The highlight of our Norway trip for me was the visit at the Vigeland Sculpture Park and Museum.

We started out at the Vigeland Musuem. On the second floor of the museum was Vigeland’s apartment.

We paid a little bit extra, so we could get a guided tour of the apartment! 

Since his death, the museum has preserved all of his belongings and has the apartment set up exactly as he left it. Our tour guide told us that back when Vigeland started working on the fountain (which later turned into a whole park), he made a deal with the city of Oslo. The city would pay for a space for Vigeland to work, all the supplies and assistants he needed, and an apartment above the studio as long as he gave all of his works from there on out to the city of Oslo. Pretty good deal for Vigeland, since a lot of the materials were very expensive. A stairway that leads up from his library houses an urn with his ashes and some reliefs he worked on before he died.
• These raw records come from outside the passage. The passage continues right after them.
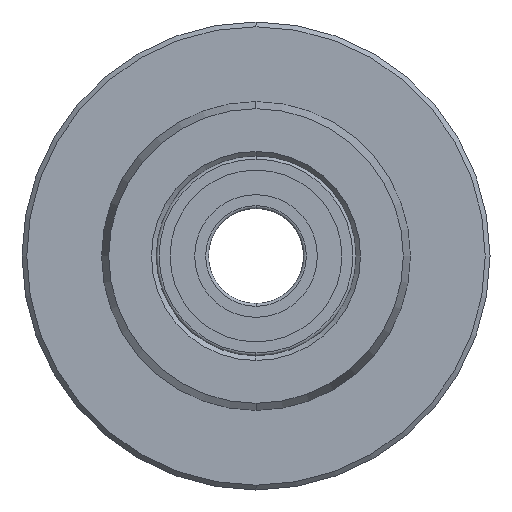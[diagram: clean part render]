
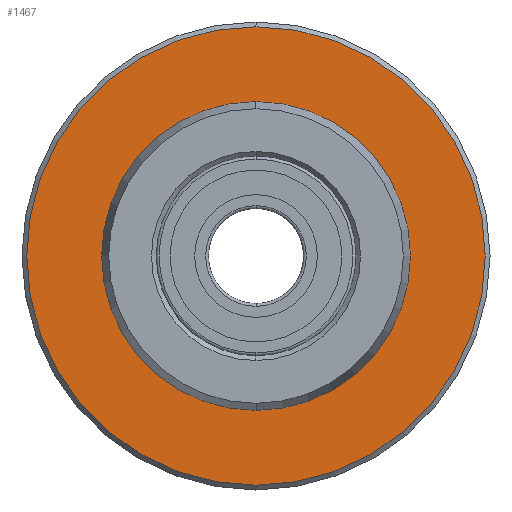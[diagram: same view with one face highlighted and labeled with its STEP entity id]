
A CAD part, left-side view. The second image highlights one B-rep face of the part: STEP entity #1467.
In plain terms, the highlighted planar face has unit normal (-1, 0, 0).
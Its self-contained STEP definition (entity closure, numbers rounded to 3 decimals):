
#334 = DIRECTION ( 'NONE',  ( 0., 0., -1. ) ) ;
#597 = DIRECTION ( 'NONE',  ( 0., 0., -1. ) ) ;
#656 = CARTESIAN_POINT ( 'NONE',  ( -19., 0., 0. ) ) ;
#711 = CIRCLE ( 'NONE', #2094, 48.25 ) ;
#763 = ORIENTED_EDGE ( 'NONE', *, *, #1870, .F. ) ;
#779 = EDGE_CURVE ( 'NONE', #2280, #5041, #4852, .T. ) ;
#978 = VERTEX_POINT ( 'NONE', #1070 ) ;
#1031 = CARTESIAN_POINT ( 'NONE',  ( -19., 0., 0. ) ) ;
#1070 = CARTESIAN_POINT ( 'NONE',  ( -19., 0., 32.5 ) ) ;
#1467 = ADVANCED_FACE ( 'NONE', ( #2290, #1739 ), #2571, .F. ) ;
#1468 = ORIENTED_EDGE ( 'NONE', *, *, #5629, .F. ) ;
#1474 = AXIS2_PLACEMENT_3D ( 'NONE', #1750, #5152, #334 ) ;
#1622 = AXIS2_PLACEMENT_3D ( 'NONE', #1031, #3970, #2925 ) ;
#1739 = FACE_BOUND ( 'NONE', #3823, .T. ) ;
#1750 = CARTESIAN_POINT ( 'NONE',  ( -19., 0., 0. ) ) ;
#1751 = DIRECTION ( 'NONE',  ( 0., 0., -1. ) ) ;
#1870 = EDGE_CURVE ( 'NONE', #2552, #978, #4287, .T. ) ;
#2047 = AXIS2_PLACEMENT_3D ( 'NONE', #4523, #2547, #597 ) ;
#2094 = AXIS2_PLACEMENT_3D ( 'NONE', #3194, #2180, #1751 ) ;
#2180 = DIRECTION ( 'NONE',  ( -1., 0., 0. ) ) ;
#2280 = VERTEX_POINT ( 'NONE', #6134 ) ;
#2290 = FACE_OUTER_BOUND ( 'NONE', #4074, .T. ) ;
#2547 = DIRECTION ( 'NONE',  ( 1., 0., 0. ) ) ;
#2552 = VERTEX_POINT ( 'NONE', #4516 ) ;
#2571 = PLANE ( 'NONE',  #2047 ) ;
#2625 = AXIS2_PLACEMENT_3D ( 'NONE', #656, #3109, #5021 ) ;
#2925 = DIRECTION ( 'NONE',  ( 0., 0., 1. ) ) ;
#3006 = EDGE_CURVE ( 'NONE', #5041, #2280, #711, .T. ) ;
#3058 = ORIENTED_EDGE ( 'NONE', *, *, #779, .T. ) ;
#3109 = DIRECTION ( 'NONE',  ( -1., 0., 0. ) ) ;
#3194 = CARTESIAN_POINT ( 'NONE',  ( -19., 0., 0. ) ) ;
#3313 = CARTESIAN_POINT ( 'NONE',  ( -19., 0., -48.25 ) ) ;
#3823 = EDGE_LOOP ( 'NONE', ( #763, #1468 ) ) ;
#3970 = DIRECTION ( 'NONE',  ( -1., 0., 0. ) ) ;
#4074 = EDGE_LOOP ( 'NONE', ( #4846, #3058 ) ) ;
#4287 = CIRCLE ( 'NONE', #1622, 32.5 ) ;
#4516 = CARTESIAN_POINT ( 'NONE',  ( -19., 0., -32.5 ) ) ;
#4523 = CARTESIAN_POINT ( 'NONE',  ( -19., 32.5, 0. ) ) ;
#4846 = ORIENTED_EDGE ( 'NONE', *, *, #3006, .T. ) ;
#4852 = CIRCLE ( 'NONE', #1474, 48.25 ) ;
#4984 = CIRCLE ( 'NONE', #2625, 32.5 ) ;
#5021 = DIRECTION ( 'NONE',  ( 0., 0., 1. ) ) ;
#5041 = VERTEX_POINT ( 'NONE', #3313 ) ;
#5152 = DIRECTION ( 'NONE',  ( -1., 0., 0. ) ) ;
#5629 = EDGE_CURVE ( 'NONE', #978, #2552, #4984, .T. ) ;
#6134 = CARTESIAN_POINT ( 'NONE',  ( -19., 0., 48.25 ) ) ;

On the ground floor is Vigeland’s studio which now houses some of his sculptures.  In the museum we were able to see some of his earlier works and some works that are very different from the pieces in the park.  There also is a room that shows the process of making the pieces in the park. They started out being carved in clay by Vigeland, before having assistants cast them in stone or bronze. It was very tedious work as one would guess. The museum also has some of the original sculptures that are in the park. One of my favourites was to see the fountain sculpture up close. It creates a very different feeling being up close to it and seeing how large it actually is. I also enjoyed seeing the monolith up close. Since it is 17 meters tall, it is broken into three different sections and you are able to see the details much better when you can get close to each section of it.

  After the museum and apartment tour, we made our way to the park.


Now that it is beginning of the autumn, the leaves are changing colours and it makes me love the park that much more! The feel of the park has changed a little bit just with the trees and ivy changing colours. I especially liked going to the park at sunny autumn day.

Visit to the park with my husband (he is an artist) made the park even more interesting as he pointed out some things I hadn’t noticed. I also enjoyed listening to his interpretation of the different parts of the park and sculptures as well as the information (he read to me) on what Vigeland’s plans were as he was making the park.

It was a perfect day to see the park, and I can’t wait to go back once it snows and see how the vibe of the park changes again.